In an interview, Matsukawa said RTS PV was predicting the country installed around 10GW of solar in 2015. The country’s FiT, already under discussion since the late 2000s but launched after concerns about energy security came to the fore after the Great East Japan Earthquake of March 2011, has put Japan as runner-up to China as the world’s biggest annual solar market.

According to official figures from the government Ministry of Economy, Trade and Industry (METI) – cited by the Japan Renewable Energy Foundation on its website – operational capacity of renewables added grew from 1.77GW installed between July 2012 and March 2013 to 9.8GW installed during the period spanning April 2014 to March 2015.

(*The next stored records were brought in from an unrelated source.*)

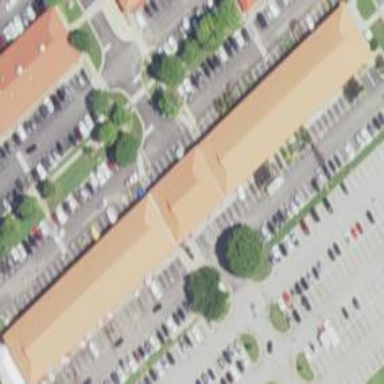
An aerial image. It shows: Commercial building.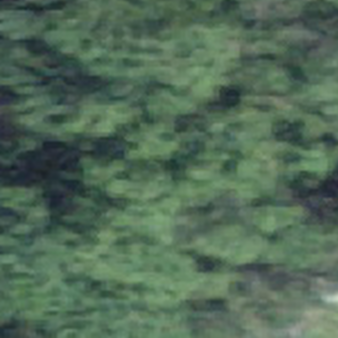
Label: other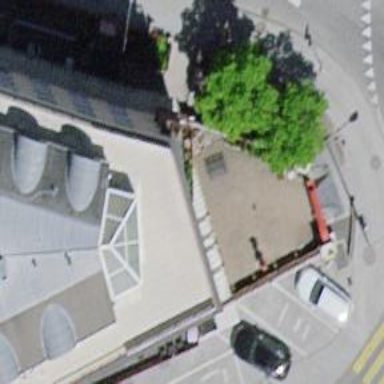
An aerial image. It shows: Restaurant.
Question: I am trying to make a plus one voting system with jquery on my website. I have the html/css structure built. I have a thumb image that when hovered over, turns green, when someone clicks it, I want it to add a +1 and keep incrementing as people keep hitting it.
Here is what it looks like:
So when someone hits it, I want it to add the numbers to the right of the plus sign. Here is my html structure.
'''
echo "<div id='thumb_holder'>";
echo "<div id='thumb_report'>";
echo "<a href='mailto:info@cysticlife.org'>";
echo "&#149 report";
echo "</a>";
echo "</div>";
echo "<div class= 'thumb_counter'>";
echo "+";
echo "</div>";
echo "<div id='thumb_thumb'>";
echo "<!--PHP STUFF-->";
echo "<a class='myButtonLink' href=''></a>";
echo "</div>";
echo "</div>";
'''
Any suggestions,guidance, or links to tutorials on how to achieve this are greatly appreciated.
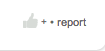
Answer: first of all you dont have to echo all your html code, just use '<?php ?>' when you need it for dynamic content. as dianuj suggested you need to use ajax. make an ajax call using jquery (for simplicity sake) to your ajax handling public function, handle it there (for example using an id and increment a counter) and then return some data to the client. If the ajax request succeeds update the counter using javascript.
i'll give you an example taken from my app
codeigniter part, inside the controller
i handle a post that provides an imageid and the userid to check their permissions and echo
a response. for more complex app you should use json for various reasons.
'''
public function changeImage(){
if ($this->input->post('imageid')){
.... handle imageid and userid, check for permissions, query the database..
...construct a $response...
echo $response;
}
}
'''
in javascript i use something like this:
'''
$(".dropdown-menu li a").click(function(){
'''
..prepare a mydata array..
'''
$.ajax({
type: "POST",
url: "<?php echo $base_url; ?>pathtocontroller/changeImage",
data: mydata,
success: function(data){
//update your counter here
}
});
'''
});
i think that answers your general question on a way to do this.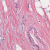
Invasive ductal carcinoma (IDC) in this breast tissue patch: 0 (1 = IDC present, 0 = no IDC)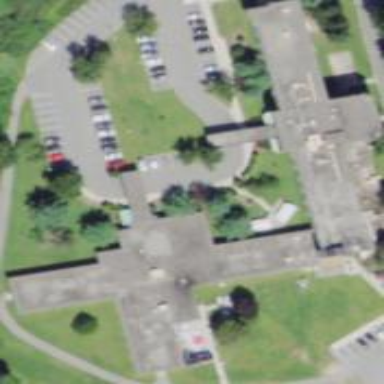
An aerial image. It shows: Building.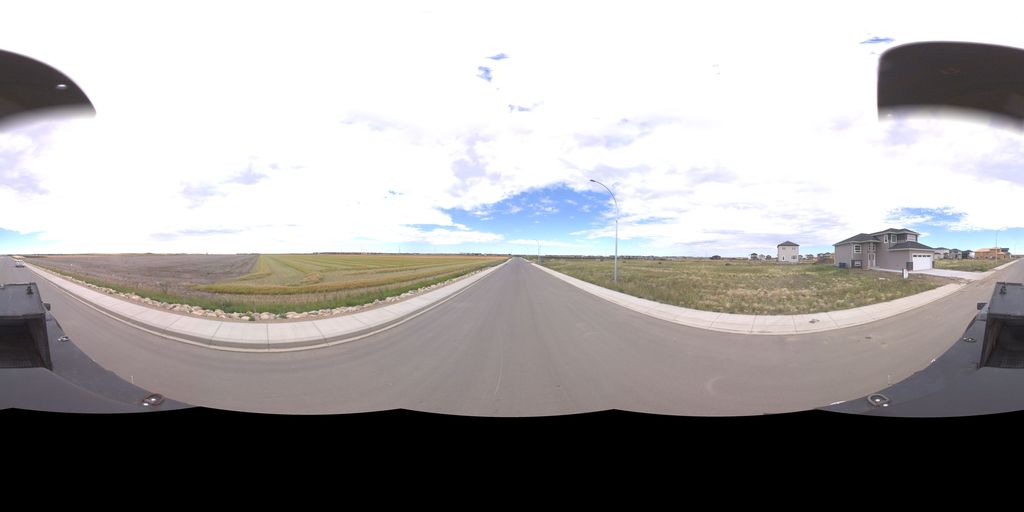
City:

Of this, nearly all of it was PV, thought to be due to the relative ease with which it can be deployed in Japan. This figure for PV was split into >10kW and <10kW installations, with only 0.82GW deployed at the smaller scale in the year, mostly representing residential systems. With commercial solar yet to significantly make an impact in Japan as with many other regions, the majority of the 8.57GW installed over 10kW is likely to be large-scale, ground-mounted installations.

Bid to suppress bubble could lead to rush

Partly because PV is developing quickly to the possible detriment of investment in other renewable energies and also because of the overall cost of the FiT, paid for by levying surcharges on electricity bill, the Japanese government is attempting to suppress the economic “bubble” created by projects being guaranteed ¥42 (US$0.37) per kWh, as was the case in the first year of the incentive’s introduction. Projects that applied for the FiT were almost certain to obtain approval, as long as the developers had selected equipment from a METI-approved list of suppliers.

There had been fears that the guarantee of high income was leading to projects being proposed and approved for the FiT that were not suitable, leading to speculation as developers waited for equipment or other costs to fall before going ahead, and also projects being traded by people who had got involved in the industry for economic motives.

While the government had previously cracked down on a number of unbuilt projects that were lacking equipment accreditation or land rights, cancelling FiTs for 144 projects representing 290MW of capacity in mid-2014, and also lowered the FiT by around 16% earlier this year, the latest move represented a “fundamental change” in the policy, Matsukawa said.

Those projects will have until the government produces its next draft Renewable Energy Laws to prove they have a grid connection agreement in place, which at the earliest will happen in April 2017.

Matsukawa said that while it was probably necessary for the government to take the latest measure to burst what remained of the bubble, it was not easy to tell how many projects could lose their FiT status. He could not rule out the possibility that there would be a rush over the next year and three months to complete projects either.

A joint venture between Morgan Stanley and Japanese bank Mitsubishi UFJ Financial Group recently said that it would acquire projects from the first three years of the FiT that are not performing as well as expected and work on improving performance.